With all of this in mind, the Forensic Acquisition Information and Drive Data Script (faidds) was born. FAIDDS (available at Google Code) leverages the Python subprocess methods to run parted, hdparm, and sdparm to gather information about a specified hard drive (Python subprocess runs other executables, so MIND your file integrity). Once this information is gathered the hard drive is acquired using either DC3DD (default) or DCFLDD. The start and end times are recorded. All of the acquisition information is written to a log file. The script also generates a hash file associated with the acquired image leveraging the acquisition tool’s hashing functionality.
faidds.py -h
faidds.py [-h] [-D] [-dcfldd] [-m hash0,hash1] [-c size in G (1024*1024*1024)] [-s \"serial number\"] -d \”drive location\”‘
-h: help’
-D: debug information’
-s: user specified serial number. Default is to find serial number in drive info.’
-d: device file to acquire’
-c: size to split file in G (1024*1024*1024)’
-dcfldd: use dcfldd (default: dc3dd)’
-m: list of hash algorithms to use. Comma separated with no spaces. (default: md5)’
Here is how I use the script.
First I locate the hard drive I want to acquire. For this example I will attach a USB thumb drive to my system simulating that I am attaching a hard drive to the system using a write-blocker connected with a USB cable. To detect the newly attached drive I run the “dmesg | tail” command:
cutaway> dmesg | tail
[526855.404692] scsi 21:0:0:0: Direct-Access LEXAR JUMPDRIVE SECURE 2000 PQ: 0 ANSI: 0 CCS
[526855.406731] sd 21:0:0:0: Attached scsi generic sg6 type 0
[526855.409391] sd 21:0:0:0: [sdf] 502880 512-byte logical blocks: (257 MB/245 MiB)
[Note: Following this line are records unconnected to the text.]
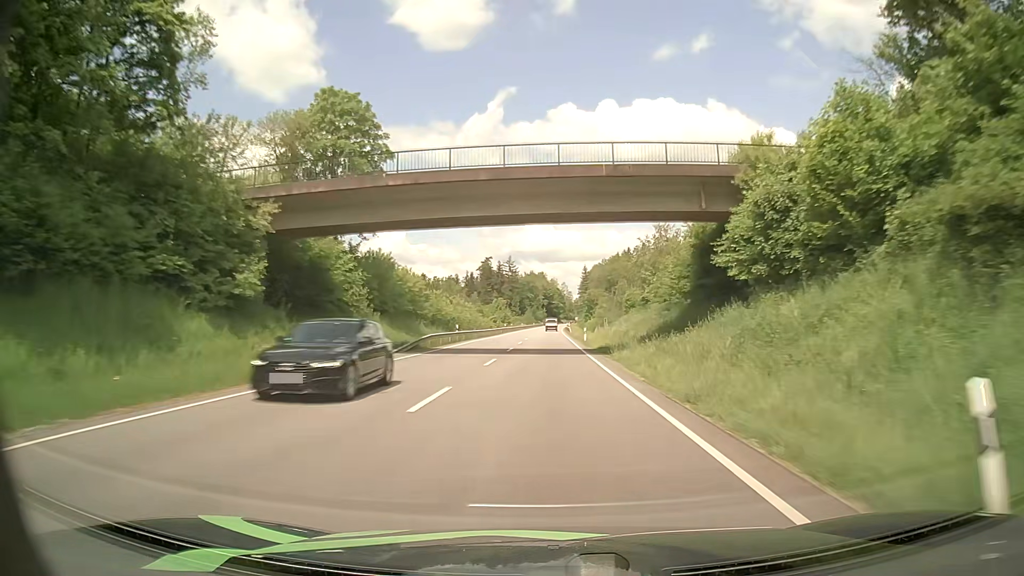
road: primary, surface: asphalt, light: Day
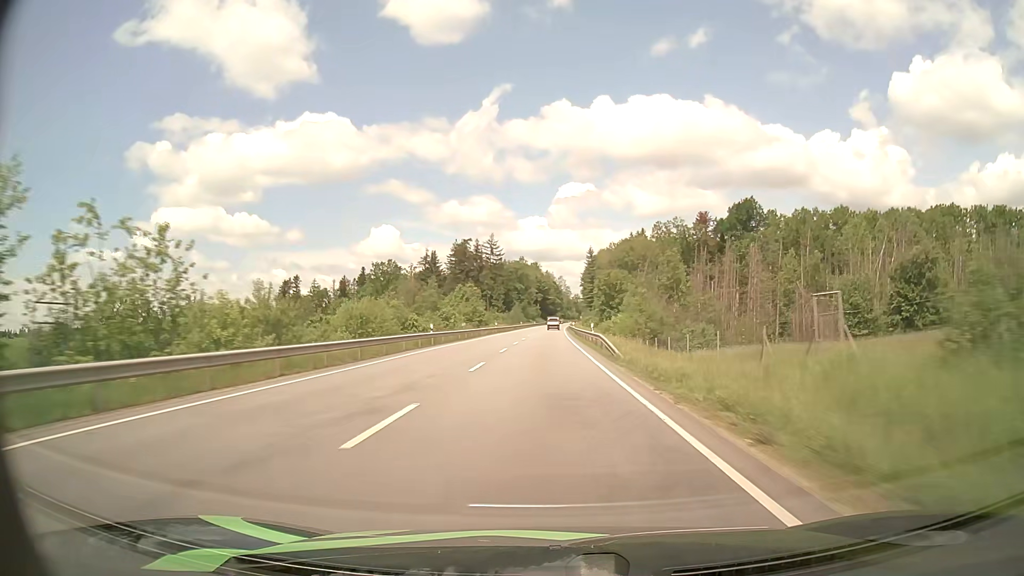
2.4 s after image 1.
(-0.2, +63.1) m; 0°
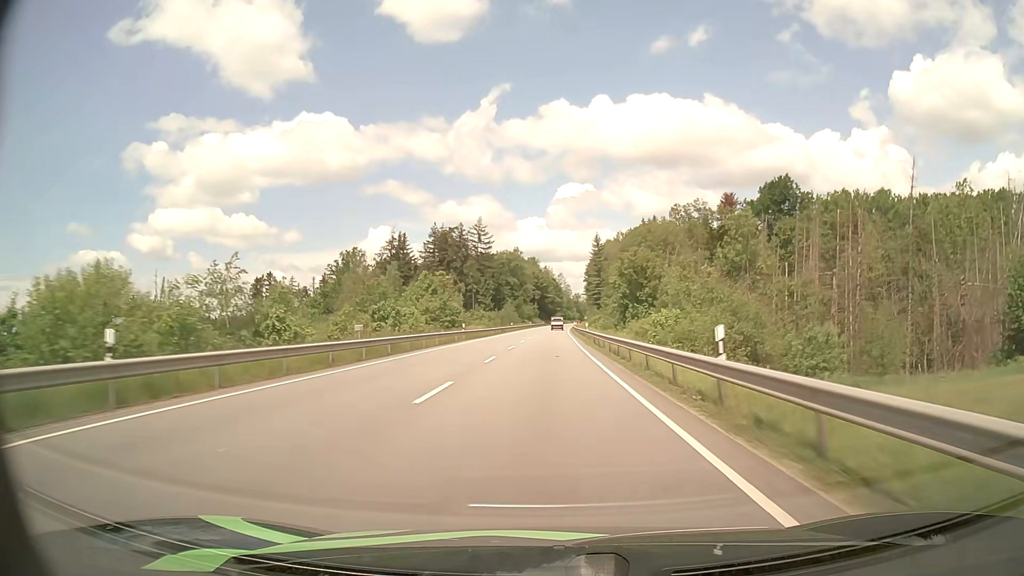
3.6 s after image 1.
(0.0, +31.8) m; 0°
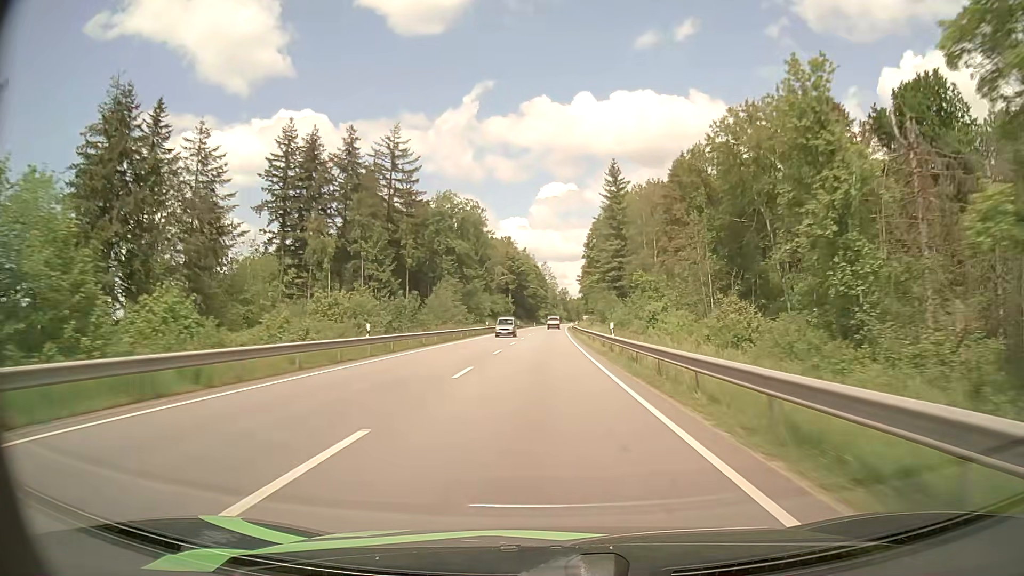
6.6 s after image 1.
(+0.7, +78.9) m; +1°
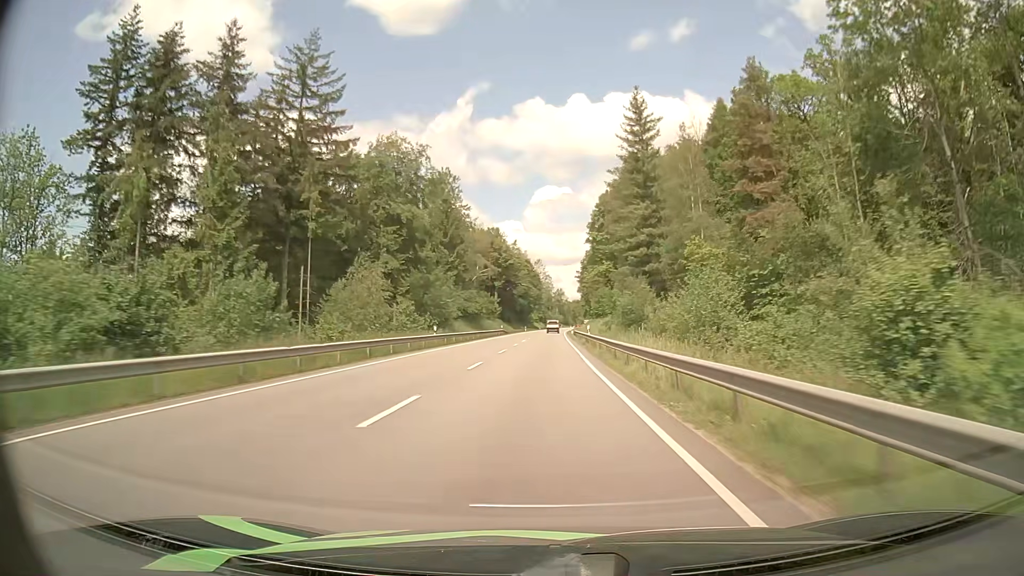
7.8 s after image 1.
(+0.2, +31.4) m; +1°
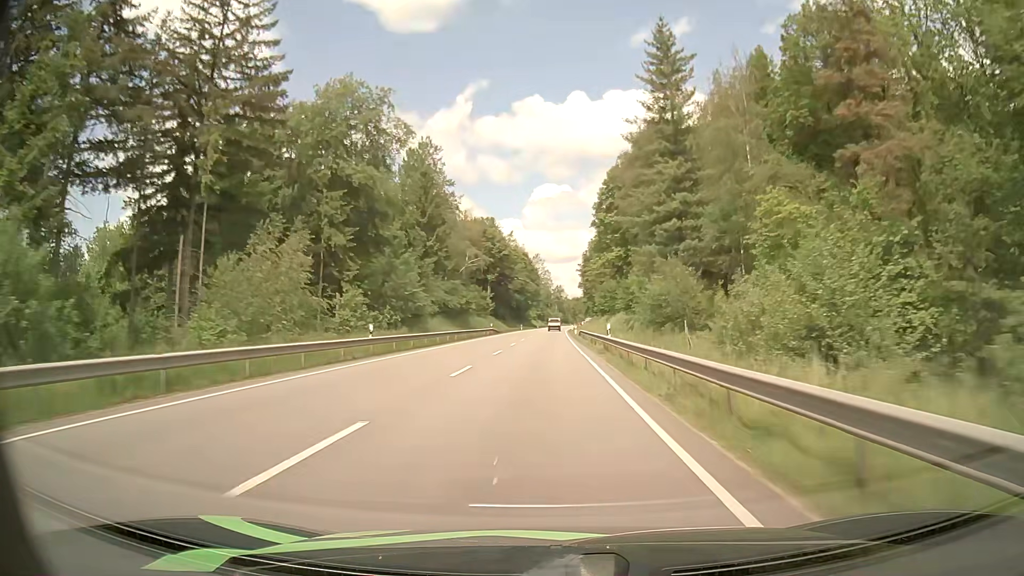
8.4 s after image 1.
(0.0, +15.8) m; 0°
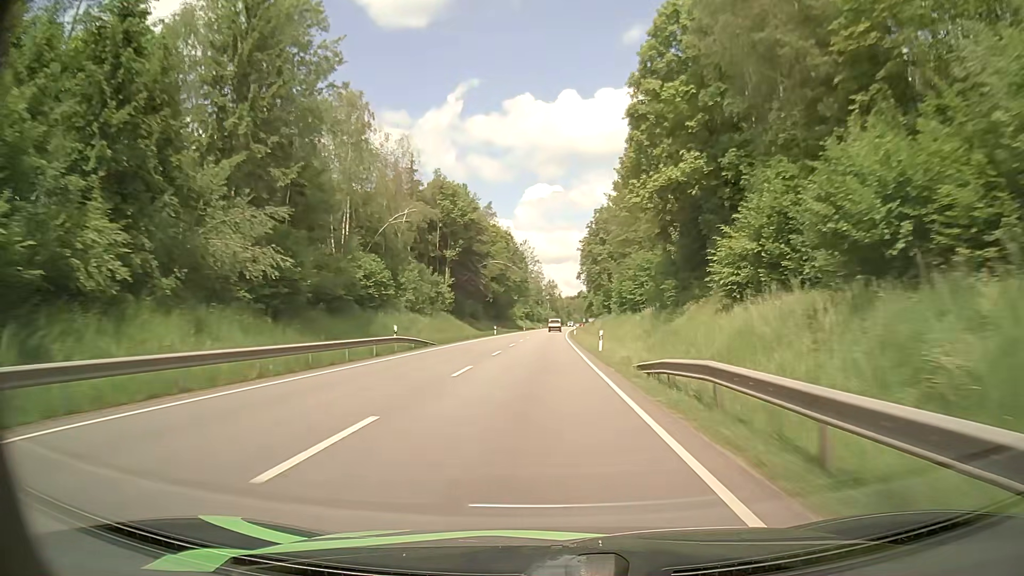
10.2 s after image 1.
(+0.1, +47.4) m; +1°
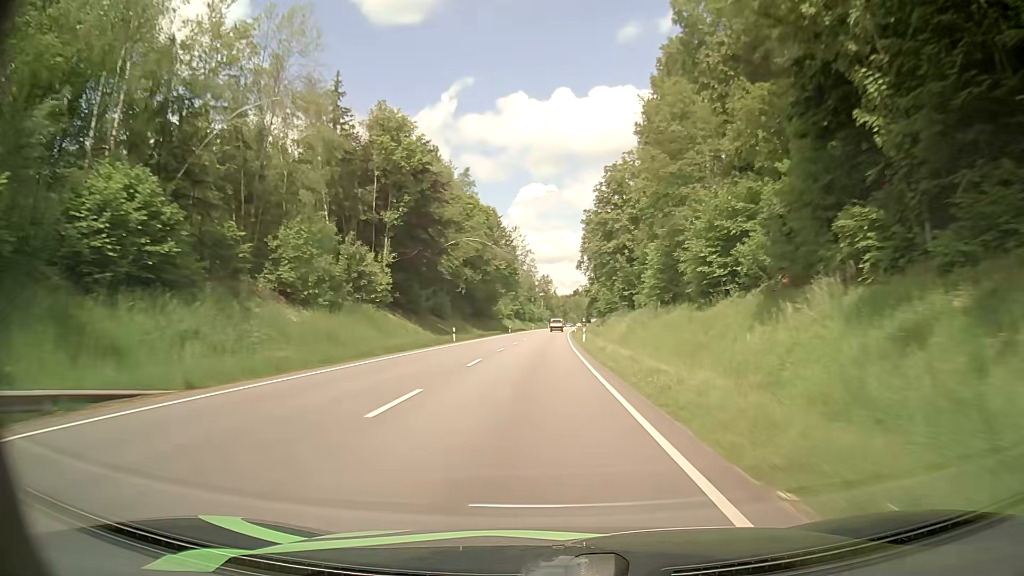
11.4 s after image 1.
(0.0, +31.9) m; +1°
(0, +10) (0, +20) (0, +30) (0, +40) (0, +50) (0, +60) (0, +70) (0, +80) (+1, +90) (+1, +100) m

[526855.415142] sd 21:0:0:0: [sdf] Write Protect is off
[526855.415152] sd 21:0:0:0: [sdf] Mode Sense: 43 00 00 00
[526855.415159] sd 21:0:0:0: [sdf] Assuming drive cache: write through
[526855.418722] sd 21:0:0:0: [sdf] Assuming drive cache: write through
[526855.418737] sdf: sdf1
[526855.471513] sd 21:0:0:0: [sdf] Assuming drive cache: write through
[526855.471520] sd 21:0:0:0: [sdf] Attached SCSI disk
cutaway>
As you can see, I attached a 256 MB LEXAR USB thumb drive and it was assigned the device file “sdf”. Next, I move into the directory where I want to acquire the drive image. This could be the local hard drive but more than likely it will be some other media such as an external USB hard drive or a shared drive. To acquire this drive I decided to have it output the MD5 and SHA1 hashes of the drive I am acquiring.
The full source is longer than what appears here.